* AIM OF THE TASK: From the first line of the material below through the line containing "78.263V74.981C139.325 73.862 138.881", print every line exactly as it stands, but no pictures.

* RAW DATA:
[Start of Attachment]

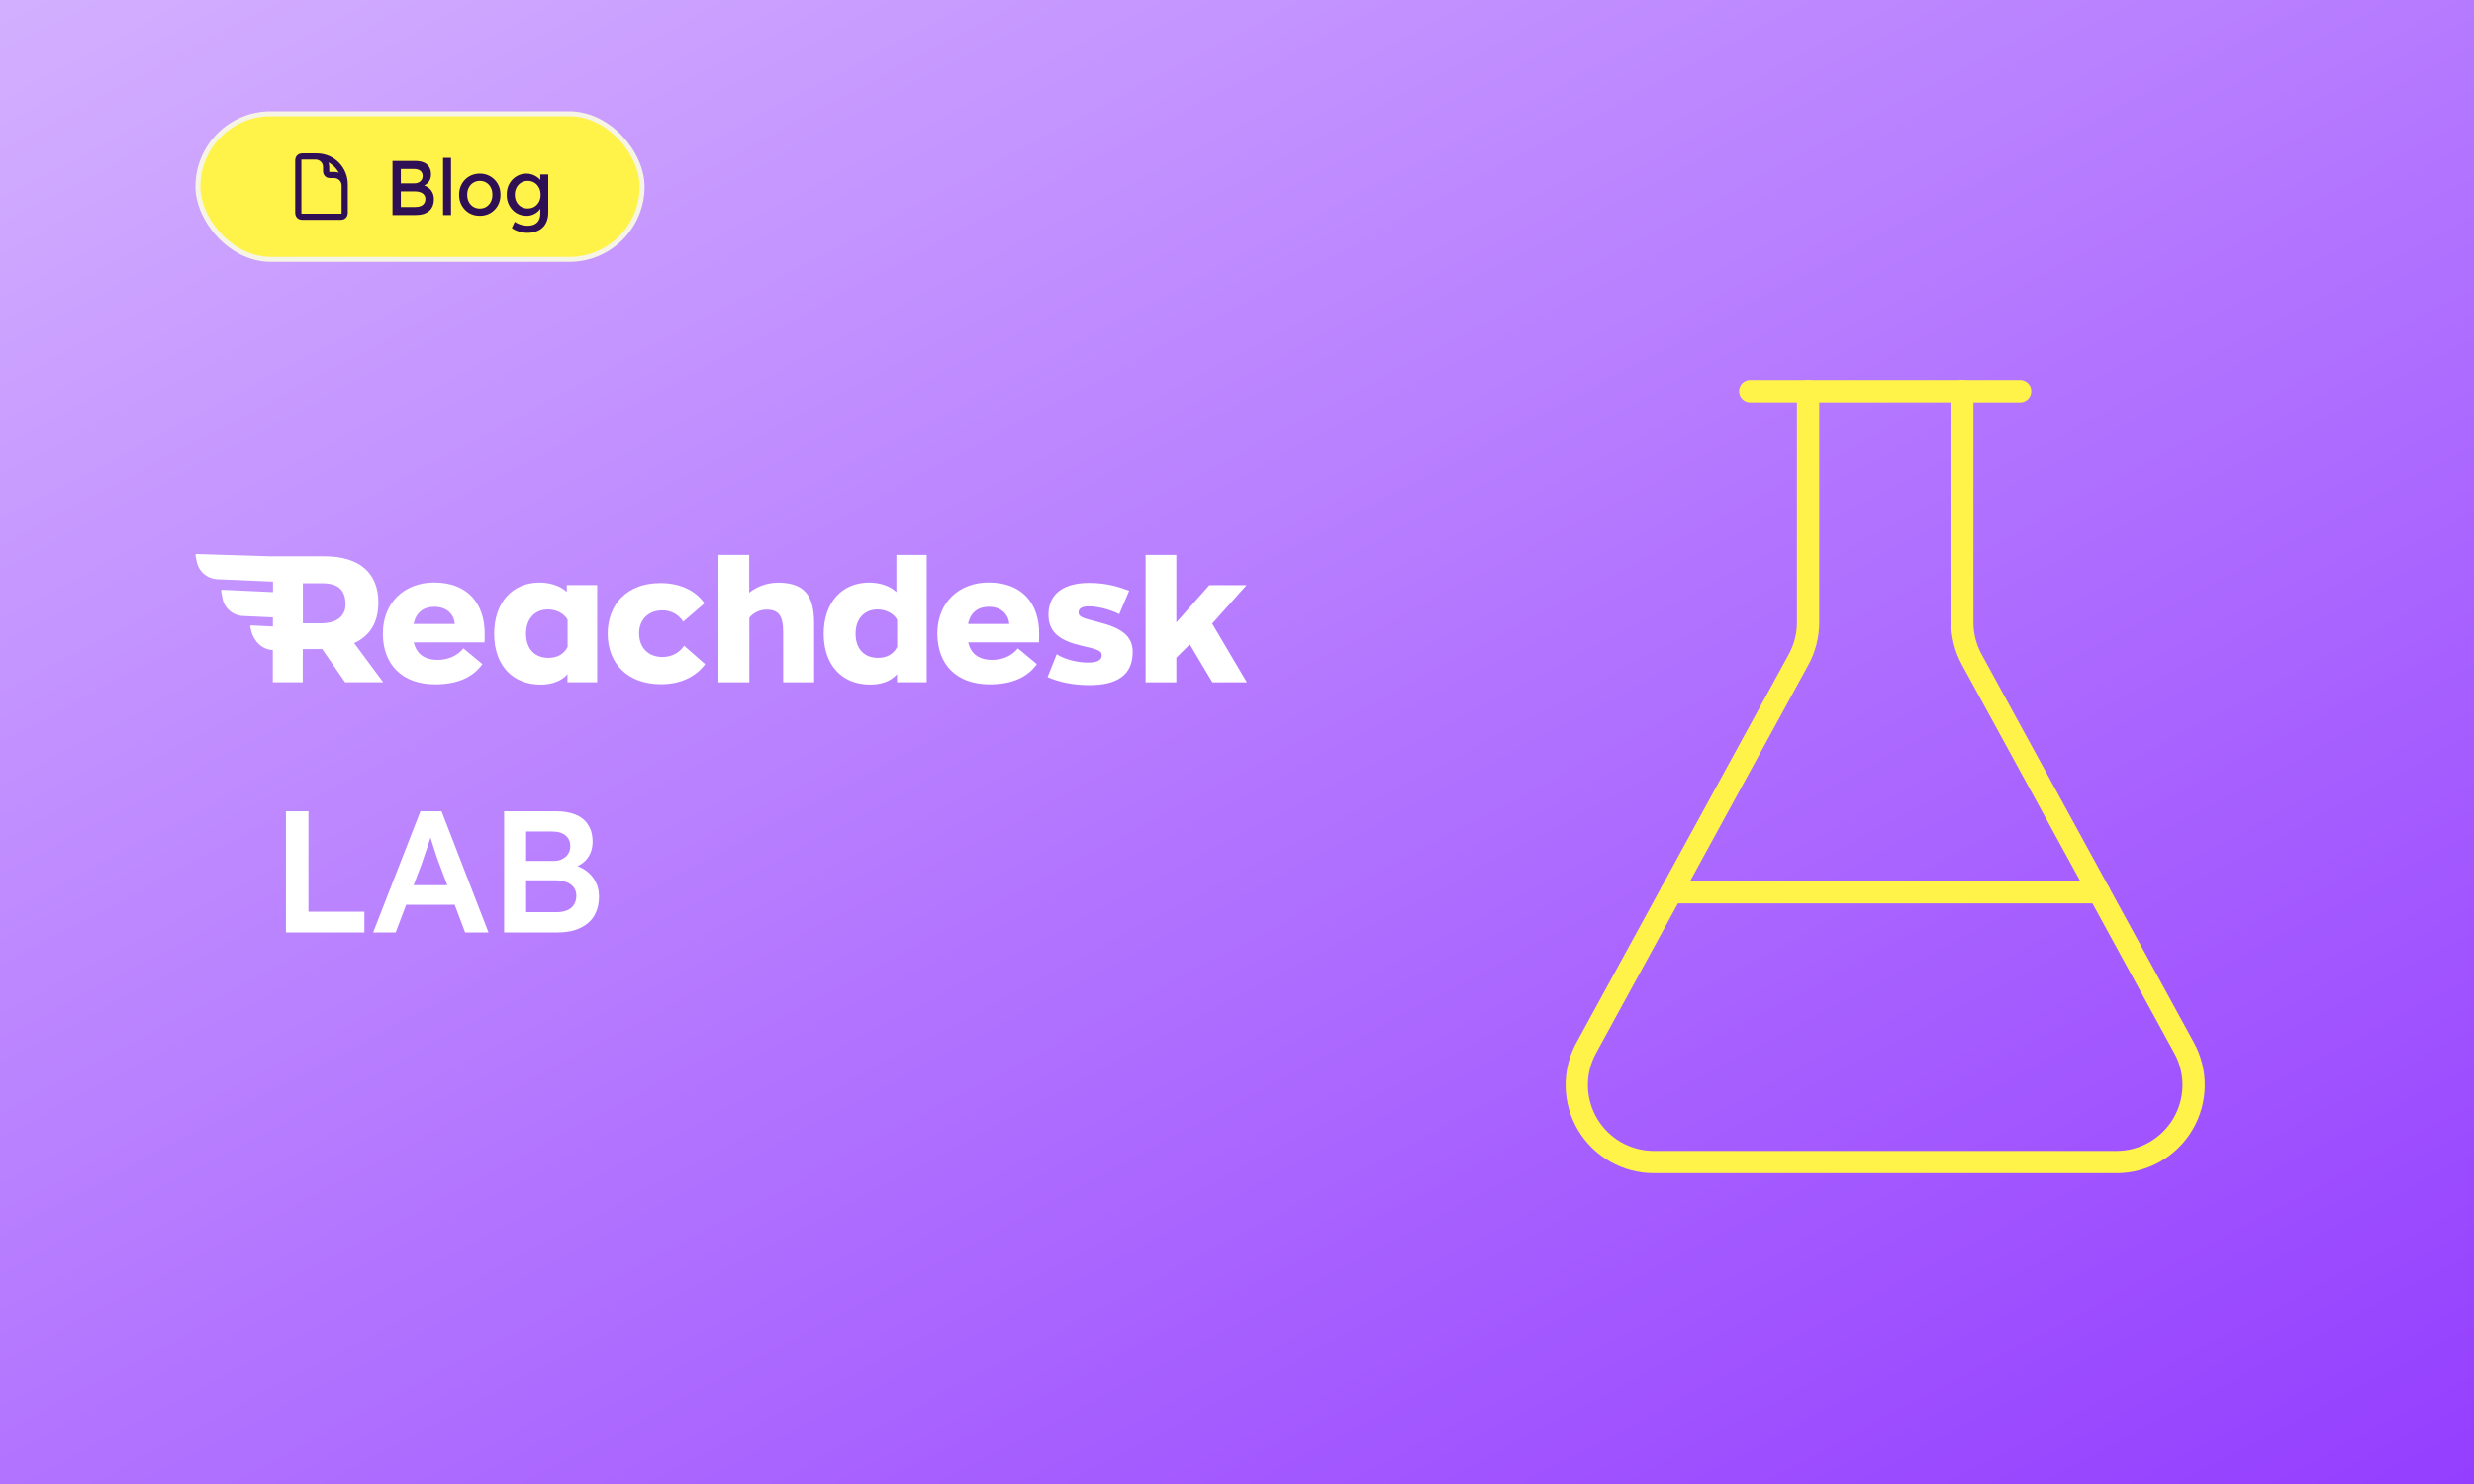 <svg width="1000" height="600" viewBox="0 0 1000 600" fill="none" xmlns="http://www.w3.org/2000/svg">
<rect x="0" y="0" width="1000" height="600" fill="#333333" stroke="none"/>
<rect width="1000" height="600" fill="url(#paint0_linear_194_4354)"/>
<rect x="80" y="46" width="179.536" height="58.9" rx="29.45" fill="#FFF34A"/>
<rect x="80" y="46" width="179.536" height="58.9" rx="29.45" stroke="#F6F5E5" stroke-width="2"/>
<path d="M139.325 78.263V74.981C139.325 73.862 138.881 72.789 138.09 71.998C137.298 71.207 136.225 70.763 135.106 70.763H133.231C132.858 70.763 132.501 70.614 132.237 70.351C131.973 70.087 131.825 69.729 131.825 69.356V67.481C131.825 66.362 131.381 65.289 130.59 64.498C129.798 63.707 128.725 63.263 127.606 63.263H125.263M128.075 63.263H121.981C121.205 63.263 120.575 63.892 120.575 64.669V86.231C120.575 87.007 121.205 87.638 121.981 87.638H137.919C138.695 87.638 139.325 87.007 139.325 86.231V74.513C139.325 71.529 138.14 68.667 136.03 66.558C133.92 64.448 131.059 63.263 128.075 63.263Z" stroke="#2F1054" stroke-width="2.5" stroke-linecap="round" stroke-linejoin="round"/>
<path d="M158.651 86.95V65.061H167.782C169.178 65.061 170.356 65.269 171.315 65.686C172.274 66.103 172.993 66.729 173.473 67.563C173.973 68.376 174.223 69.376 174.223 70.564C174.223 71.753 173.89 72.764 173.223 73.598C172.576 74.431 171.67 75.005 170.502 75.317V74.692C171.482 74.901 172.337 75.276 173.066 75.818C173.796 76.339 174.359 76.996 174.755 77.788C175.172 78.58 175.38 79.487 175.38 80.508C175.38 81.551 175.214 82.478 174.88 83.291C174.567 84.084 174.088 84.751 173.442 85.293C172.816 85.835 172.055 86.252 171.159 86.543C170.262 86.814 169.241 86.95 168.094 86.95H158.651ZM162.028 83.698H167.907C168.762 83.698 169.481 83.573 170.064 83.323C170.669 83.073 171.128 82.708 171.44 82.228C171.774 81.728 171.941 81.134 171.941 80.446C171.941 79.799 171.763 79.247 171.409 78.788C171.075 78.33 170.596 77.986 169.971 77.757C169.345 77.506 168.605 77.381 167.75 77.381H162.028V83.698ZM162.028 74.129H167.594C168.22 74.129 168.772 74.004 169.251 73.754C169.752 73.504 170.137 73.16 170.408 72.722C170.7 72.284 170.846 71.784 170.846 71.221C170.846 70.283 170.533 69.564 169.908 69.064C169.283 68.563 168.386 68.313 167.219 68.313H162.028V74.129ZM179.093 86.95V63.81H182.314V86.95H179.093ZM193.953 87.263C192.348 87.263 190.909 86.898 189.638 86.168C188.387 85.418 187.397 84.407 186.667 83.135C185.937 81.843 185.573 80.373 185.573 78.726C185.573 77.079 185.937 75.62 186.667 74.348C187.397 73.056 188.387 72.045 189.638 71.315C190.909 70.564 192.348 70.189 193.953 70.189C195.537 70.189 196.955 70.564 198.206 71.315C199.477 72.045 200.478 73.056 201.208 74.348C201.937 75.62 202.302 77.079 202.302 78.726C202.302 80.373 201.937 81.843 201.208 83.135C200.478 84.407 199.477 85.418 198.206 86.168C196.955 86.898 195.537 87.263 193.953 87.263ZM193.953 84.323C194.933 84.323 195.808 84.084 196.58 83.604C197.351 83.104 197.956 82.437 198.393 81.603C198.831 80.748 199.04 79.789 199.019 78.726C199.04 77.642 198.831 76.683 198.393 75.849C197.956 74.994 197.351 74.327 196.58 73.848C195.808 73.368 194.933 73.129 193.953 73.129C192.973 73.129 192.087 73.379 191.295 73.879C190.524 74.359 189.919 75.026 189.481 75.88C189.044 76.714 188.835 77.663 188.856 78.726C188.835 79.789 189.044 80.748 189.481 81.603C189.919 82.437 190.524 83.104 191.295 83.604C192.087 84.084 192.973 84.323 193.953 84.323ZM213.16 94.142C211.993 94.142 210.825 93.954 209.658 93.579C208.511 93.225 207.584 92.756 206.875 92.172L208.063 89.67C208.48 89.983 208.97 90.254 209.533 90.484C210.096 90.734 210.69 90.921 211.315 91.046C211.941 91.192 212.556 91.265 213.16 91.265C214.307 91.265 215.266 91.078 216.037 90.702C216.808 90.327 217.392 89.775 217.788 89.045C218.184 88.315 218.382 87.409 218.382 86.325V83.166L218.726 83.385C218.622 84.031 218.278 84.657 217.694 85.261C217.131 85.845 216.423 86.325 215.568 86.7C214.713 87.075 213.838 87.263 212.941 87.263C211.378 87.263 209.981 86.898 208.751 86.168C207.542 85.418 206.583 84.407 205.874 83.135C205.165 81.843 204.811 80.373 204.811 78.726C204.811 77.079 205.155 75.62 205.843 74.348C206.552 73.056 207.511 72.045 208.72 71.315C209.95 70.564 211.326 70.189 212.847 70.189C213.473 70.189 214.077 70.273 214.661 70.439C215.245 70.585 215.787 70.804 216.287 71.096C216.787 71.367 217.236 71.669 217.632 72.003C218.028 72.336 218.351 72.691 218.601 73.066C218.851 73.441 219.008 73.796 219.07 74.129L218.382 74.379V70.533H221.603V85.949C221.603 87.263 221.405 88.42 221.009 89.42C220.634 90.442 220.081 91.296 219.352 91.984C218.622 92.693 217.736 93.225 216.694 93.579C215.651 93.954 214.473 94.142 213.16 94.142ZM213.285 84.292C214.307 84.292 215.214 84.052 216.006 83.573C216.798 83.093 217.413 82.437 217.851 81.603C218.288 80.769 218.507 79.81 218.507 78.726C218.507 77.642 218.278 76.683 217.819 75.849C217.382 74.994 216.767 74.327 215.974 73.848C215.203 73.368 214.307 73.129 213.285 73.129C212.285 73.129 211.388 73.379 210.596 73.879C209.825 74.359 209.21 75.026 208.751 75.88C208.313 76.714 208.094 77.663 208.094 78.726C208.094 79.789 208.313 80.748 208.751 81.603C209.21 82.437 209.825 83.093 210.596 83.573C211.388 84.052 212.285 84.292 213.285 84.292Z" fill="#2F1054"/>
<g clip-path="url(#clip0_194_4354)">
<path d="M152.949 243.678C152.949 231.648 145.367 224.978 131.274 224.913H110.307V224.95L79.494 224C79.214 224 79 224.212 79 224.489L79.531 227.081C80.341 231.223 84.03 234.203 88.277 234.203L110.344 235.154V239.397L89.87 238.447C89.591 238.447 89.376 238.659 89.376 238.936L89.945 241.99C90.755 246.095 94.444 249.075 98.691 249.075L110.307 249.601V253.281L101.625 252.857C101.346 252.857 101.132 253.069 101.132 253.346L101.56 255.034C102.445 259.103 106.059 262.784 110.269 262.784V275.828H122.378V262.433H130.24L139.48 275.828H154.887L143.159 260.007C149.465 257.128 152.93 251.759 152.93 243.659L152.949 243.678ZM129.784 251.99H122.416V235.818H130.175C136.974 235.818 139.666 238.761 139.666 244.416C139.629 248.558 136.835 251.99 129.784 251.99Z" fill="white"/>
<path d="M175.509 235.504C163.428 235.504 154.756 243.678 154.756 256.132C154.756 268.586 162.441 276.686 175.901 276.686C185.532 276.686 191.447 273.458 194.986 268.513L187.302 262.129C184.861 265.219 180.996 266.797 176.962 266.797C171.476 266.797 168.281 264.269 167.257 259.712H195.834C195.909 258.697 195.909 256.972 195.909 256.206C195.909 244.139 189.109 235.513 175.509 235.513V235.504ZM167.191 252.276C168.216 247.119 171.756 245.329 175.519 245.329C181.219 245.329 183.632 249.047 183.846 252.276H167.201H167.191Z" fill="white"/>
<path d="M229.134 239.397C226.228 236.593 221.906 235.541 218.049 235.541C207.105 235.541 199.737 243.641 199.737 256.234C199.737 268.826 207.03 276.788 218.543 276.788C222.017 276.788 226.582 275.911 229.376 272.544V275.838H241.383V236.556H229.097V239.397H229.134ZM229.413 261.603C227.821 264.693 224.914 265.985 221.729 265.985C216.028 265.985 212.628 262.267 212.628 256.16C212.628 250.053 216.308 246.409 221.449 246.409C224.775 246.409 227.97 247.912 229.423 250.578V261.594L229.413 261.603Z" fill="white"/>
<path d="M267.808 265.634C262.108 265.634 258.316 261.916 258.316 256.021C258.316 250.44 262.145 246.759 267.734 246.759C271.413 246.759 274.459 248.623 276.126 251.353L284.733 243.918C281.333 238.973 275.167 235.744 266.914 235.744C253.389 235.744 245.63 244.407 245.63 256.224C245.63 268.042 253.454 276.64 267.203 276.64C275.316 276.64 281.435 273.411 285.022 268.54L276.489 261.068C274.971 263.457 271.953 265.625 267.808 265.625V265.634Z" fill="white"/>
<path d="M314.344 235.578C309.78 235.578 305.458 237.441 302.831 239.646V224.351H290.396V275.875H302.896V249.711C304.489 247.848 306.93 246.482 309.836 246.482C314.689 246.482 316.561 248.899 316.561 255.671V275.875H329.061V252.055C329.098 240.375 324.814 235.569 314.325 235.569L314.344 235.578Z" fill="white"/>
<path d="M362.333 239.397C359.427 236.593 355.105 235.541 351.249 235.541C340.304 235.541 332.936 243.641 332.936 256.234C332.936 268.826 340.229 276.788 351.742 276.788C355.217 276.788 359.781 275.911 362.575 272.544V275.838H374.582V224.351H362.324V239.397H362.333ZM362.613 261.603C361.02 264.693 358.114 265.985 354.928 265.985C349.227 265.985 345.828 262.267 345.828 256.16C345.828 250.053 349.507 246.409 354.649 246.409C357.974 246.409 361.169 247.912 362.622 250.578V261.594L362.613 261.603Z" fill="white"/>
<path d="M399.629 235.504C387.548 235.504 378.876 243.678 378.876 256.132C378.876 268.586 386.561 276.686 400.02 276.686C409.652 276.686 415.566 273.458 419.106 268.513L411.421 262.129C408.981 265.219 405.115 266.797 401.082 266.797C395.596 266.797 392.401 264.269 391.376 259.712H419.954C420.028 258.697 420.028 256.972 420.028 256.206C420.065 244.139 413.266 235.513 399.629 235.513V235.504ZM391.302 252.276C392.326 247.119 395.866 245.329 399.629 245.329C405.33 245.329 407.742 249.047 407.956 252.276H391.311H391.302Z" fill="white"/>
<path d="M443.65 251.427C437.279 249.85 435.966 249.287 435.966 247.571C435.966 245.855 437.633 245.154 440.176 245.154C443.716 245.154 449.062 246.519 452.397 248.309L456.43 238.835C452.145 237.257 447.395 235.679 440.213 235.679C430.228 235.679 423.782 239.849 423.782 248.521C423.782 256.271 429.269 259.25 437.521 261.151C443.967 262.59 445.346 263.217 445.346 264.942C445.346 267.009 443.259 267.885 439.785 267.885C435.891 267.885 430.684 266.797 427.108 264.518L423.428 273.78C428.281 275.847 433.907 277.009 440.353 277.009C451.298 277.009 457.846 273.079 457.846 263.614C457.883 256.667 452.537 253.651 443.641 251.446L443.65 251.427Z" fill="white"/>
<path d="M489.972 252.128L503.851 236.593H488.808L475.488 251.639V224.351H463.053V275.875H475.488V265.92L480.909 260.514L490.047 275.875H504L489.972 252.128Z" fill="white"/>
</g>
<path d="M115.58 377V328H124.68V368.6H147.29V377H115.58ZM150.829 377L169.939 328H178.479L197.449 377H187.999L177.499 349.14C177.266 348.58 176.939 347.693 176.519 346.48C176.146 345.267 175.726 343.96 175.259 342.56C174.793 341.113 174.373 339.783 173.999 338.57C173.626 337.31 173.346 336.4 173.159 335.84L174.909 335.77C174.629 336.703 174.303 337.753 173.929 338.92C173.556 340.087 173.159 341.3 172.739 342.56C172.319 343.82 171.899 345.033 171.479 346.2C171.106 347.367 170.756 348.417 170.429 349.35L159.929 377H150.829ZM159.509 365.8L162.659 357.89H184.989L188.349 365.8H159.509ZM203.766 377V328H224.626C227.846 328 230.553 328.467 232.746 329.4C234.986 330.333 236.666 331.733 237.786 333.6C238.953 335.42 239.536 337.637 239.536 340.25C239.536 342.957 238.813 345.243 237.366 347.11C235.92 348.977 233.89 350.26 231.276 350.96L231.206 349.56C233.4 350.027 235.313 350.867 236.946 352.08C238.58 353.247 239.84 354.717 240.726 356.49C241.66 358.217 242.126 360.2 242.126 362.44C242.126 364.82 241.73 366.92 240.936 368.74C240.19 370.56 239.07 372.077 237.576 373.29C236.083 374.503 234.31 375.437 232.256 376.09C230.203 376.697 227.893 377 225.326 377H203.766ZM212.656 368.81H224.906C226.633 368.81 228.08 368.553 229.246 368.04C230.46 367.527 231.37 366.78 231.976 365.8C232.63 364.773 232.956 363.56 232.956 362.16C232.956 360.853 232.606 359.733 231.906 358.8C231.253 357.867 230.296 357.167 229.036 356.7C227.776 356.187 226.283 355.93 224.556 355.93H212.656V368.81ZM212.656 348.09H223.786C225.14 348.09 226.306 347.833 227.286 347.32C228.313 346.807 229.106 346.107 229.666 345.22C230.226 344.333 230.506 343.307 230.506 342.14C230.506 340.273 229.876 338.827 228.616 337.8C227.356 336.727 225.513 336.19 223.086 336.19H212.656V348.09Z" fill="white"/>
<path d="M793.167 158.167V251.667C793.165 256.895 794.477 262.039 796.985 266.627L882.849 423.707C885.446 428.454 886.763 433.795 886.669 439.205C886.576 444.615 885.076 449.907 882.316 454.562C879.556 459.216 875.633 463.072 870.931 465.75C866.229 468.427 860.911 469.835 855.5 469.833H668.5C663.089 469.835 657.771 468.427 653.069 465.75C648.367 463.072 644.444 459.216 641.684 454.562C638.925 449.907 637.424 444.615 637.331 439.205C637.237 433.795 638.554 428.454 641.151 423.707L727.015 266.627C729.523 262.039 730.836 256.895 730.833 251.667V158.167" stroke="#FFF34A" stroke-width="9" stroke-linecap="round" stroke-linejoin="round"/>
<path d="M675.559 360.75H848.441" stroke="#FFF34A" stroke-width="9" stroke-linecap="round" stroke-linejoin="round"/>
<path d="M707.458 158.167H816.542" stroke="#FFF34A" stroke-width="9" stroke-linecap="round" stroke-linejoin="round"/>
<defs>
<linearGradient id="paint0_linear_194_4354" x1="212.25" y1="-127.25" x2="717.75" y2="821.75" gradientUnits="userSpaceOnUse">
<stop stop-color="#D4B1FF"/>
<stop offset="0.942" stop-color="#943EFF"/>
</linearGradient>
<clipPath id="clip0_194_4354">
<rect width="425" height="53" fill="white" transform="translate(79 224)"/>
</clipPath>
</defs>
</svg>

[End of Attachment]

* WRITTEN REPLY:
 <svg width="1000" height="600" viewBox="0 0 1000 600" fill="none" xmlns="http://www.w3.org/2000/svg">
<rect x="0" y="0" width="1000" height="600" fill="#333333" stroke="none"/>
<rect width="1000" height="600" fill="url(#paint0_linear_194_4354)"/>
<rect x="80" y="46" width="179.536" height="58.9" rx="29.45" fill="#FFF34A"/>
<rect x="80" y="46" width="179.536" height="58.9" rx="29.45" stroke="#F6F5E5" stroke-width="2"/>
<path d="M139.325 78.263V74.981C139.325 73.862 138.881 72.789 138.09 71.998C137.298 71.207 136.225 70.763 135.106 70.763H133.231C132.858 70.763 132.501 70.614 132.237 70.351C131.973 70.087 131.825 69.729 131.825 69.356V67.481C131.825 66.362 131.381 65.289 130.59 64.498C129.798 63.707 128.725 63.263 127.606 63.263H125.263M128.075 63.263H121.981C121.205 63.263 120.575 63.892 120.575 64.669V86.231C120.575 87.007 121.205 87.638 121.981 87.638H137.919C138.695 87.638 139.325 87.007 139.325 86.231V74.513C139.325 71.529 138.14 68.667 136.03 66.558C133.92 64.448 131.059 63.263 128.075 63.263Z" stroke="#2F1054" stroke-width="2.5" stroke-linecap="round" stroke-linejoin="round"/>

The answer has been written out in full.